Data to use below:

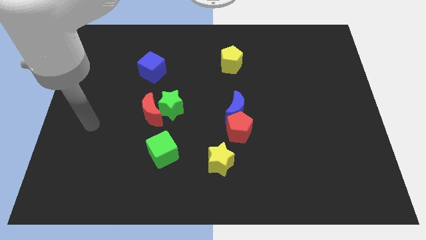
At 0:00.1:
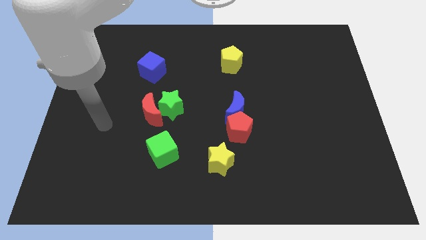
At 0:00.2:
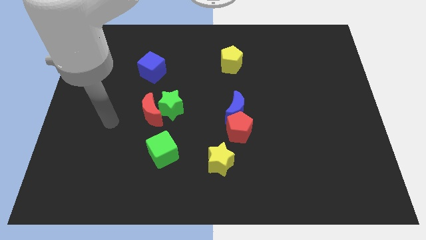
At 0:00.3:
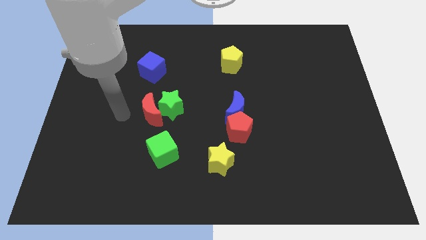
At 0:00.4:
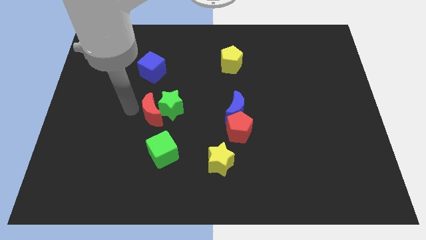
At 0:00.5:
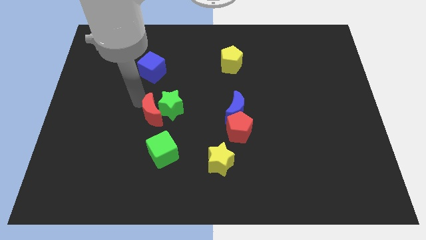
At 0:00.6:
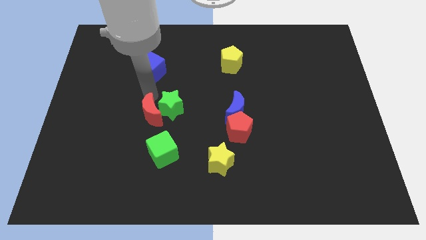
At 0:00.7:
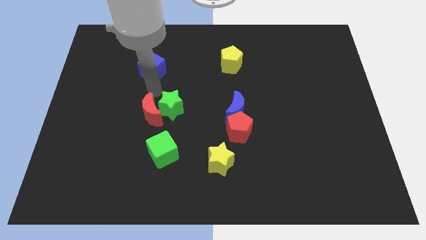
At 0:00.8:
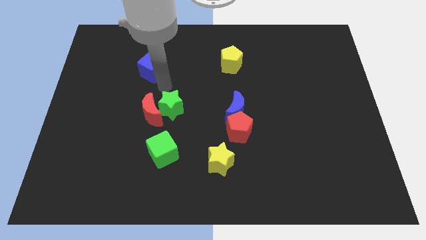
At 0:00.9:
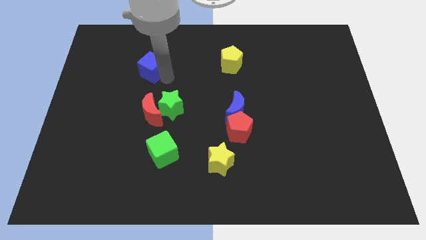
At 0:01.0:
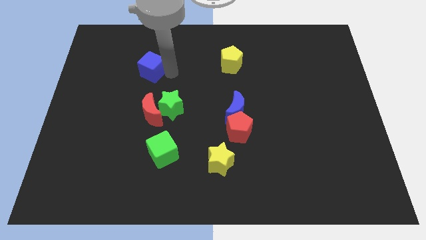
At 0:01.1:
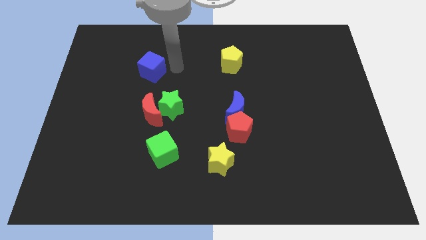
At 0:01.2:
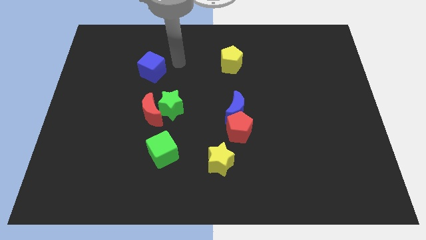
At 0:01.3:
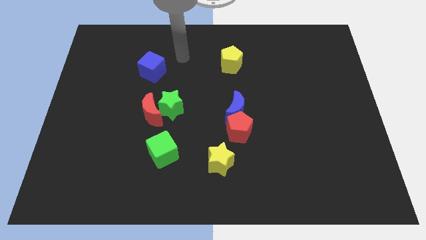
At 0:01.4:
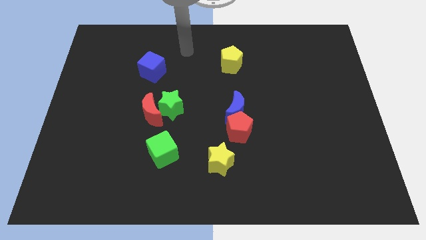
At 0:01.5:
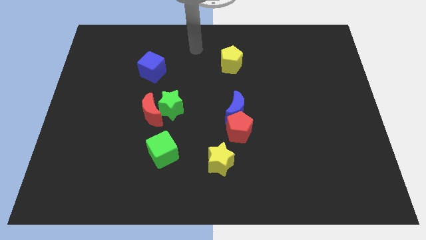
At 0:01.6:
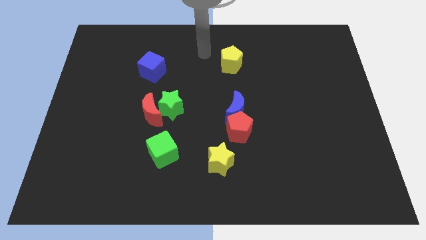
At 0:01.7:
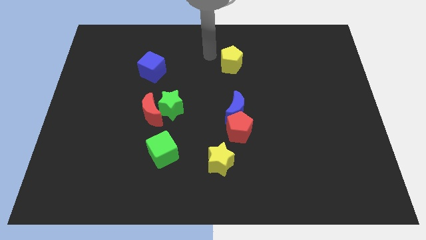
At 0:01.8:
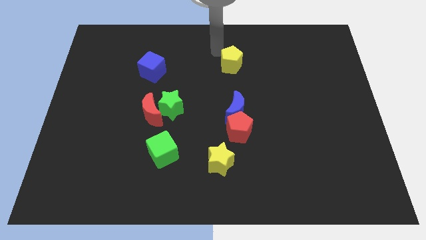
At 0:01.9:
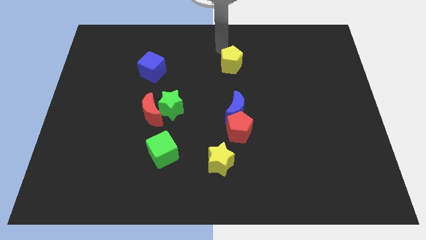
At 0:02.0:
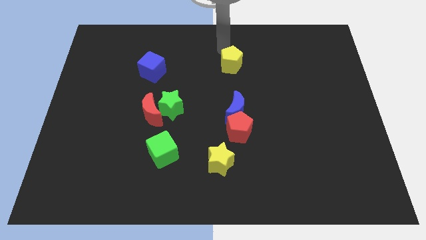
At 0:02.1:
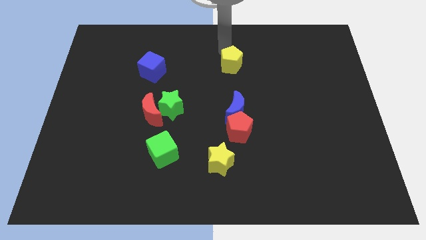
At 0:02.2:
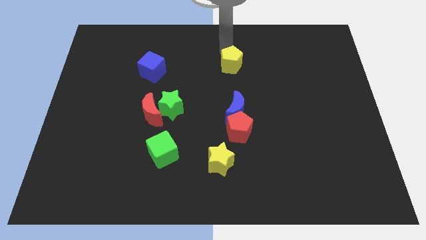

End of Data to use.

Exercise brief - Verbatim reproduction of every entry is needed, with the images left out.

Answer for the task -
At 0:00.1:
At 0:00.2:
At 0:00.3:
At 0:00.4:
At 0:00.5:
At 0:00.6:
At 0:00.7:
At 0:00.8:
At 0:00.9:
At 0:01.0:
At 0:01.1:
At 0:01.2:
At 0:01.3:
At 0:01.4:
At 0:01.5:
At 0:01.6:
At 0:01.7:
At 0:01.8:
At 0:01.9:
At 0:02.0:
At 0:02.1:
At 0:02.2:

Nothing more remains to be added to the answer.